I particularly like to do collaborative research, benefiting from different areas of expertise. The collaboration with Inria, through Patrick Valduriez’s leadership has broaden the exchange of ideas with hard work from both sides involving many internationally well-known researchers. Joint supervisions allowed COPPE/UFRJ students to work with leading scientists on specific domains, in addition to providing interaction among students from different parts of the world, while COPPE/UFRJ’s students visited Patrick’s group at Inria. Having access to Inria’s Grid 5000 high performance machines has also allowed us to do large scale evaluations of our research. The mobility provided by these project’s funds have fostered the Brazilian participation in top quality conferences and talks combined to our trips to Inria in France.

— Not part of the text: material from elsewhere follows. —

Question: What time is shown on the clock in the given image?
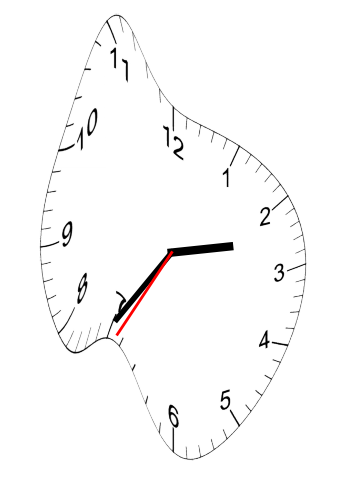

Just as an example, Prof. Eduardo Ogasawara, who currently leads the CEFET-RJ group in HPDasC Associate Team, is a former PhD student from COPPE/UFRJ, supervised by Patrick Valduriez and myself under the Associate Team Sarava project. Our project won the Best Paper Award in 2009 at the Colibri Colloquium “COLIBRI – Colóquio em Informática: Brasil/INRIA, Cooperações, Avanços e Desafios” collocated with the 30th Brazilian Computer Science Conference (CBC-SBC). Colibri was part of the “Year of France in Brazil” celebrations.
Overall, these fruitful 20 years of collaboration between our group and Inria Zenith’s group have produced important results in exciting research challenges in data management with high performance computing. These project topics attract bright PhD students to COPPE/UFRJ, three of these, who did internships at Inria, won best thesis awards in the prestigious Brazilian database conference (SBBD). Collaboratively, with our jointly supervised students, our group at COPPE contributed with Zenith in more than 20 journal papers and 20 conference papers, in addition to several open source software prototypes validated with real problems in different scientific domains. Having these joint papers publicly available at Inria’s HAL open archive have definitely helped to disseminate our joint work.
And finally, what would be the next step of this collaboration, from your point of view?
The advantages of working with the state-of-the-art topics that are closely related to real problems is that there are always research challenges with real large-scale data to be addressed. Since the database groups from the two countries have expanded with a balance between young and senior researchers, I continue to foresee a bright scientific future ahead of this collaboration. From my point of view, the next steps are towards addressing challenges with the new generation of heterogeneous high performance computing environments to efficiently process and analyze data combined with machine learning advances. Once again, having supercomputers at COPPE, LNCC and Inria provides us the high-performance infrastructure to work on these topics.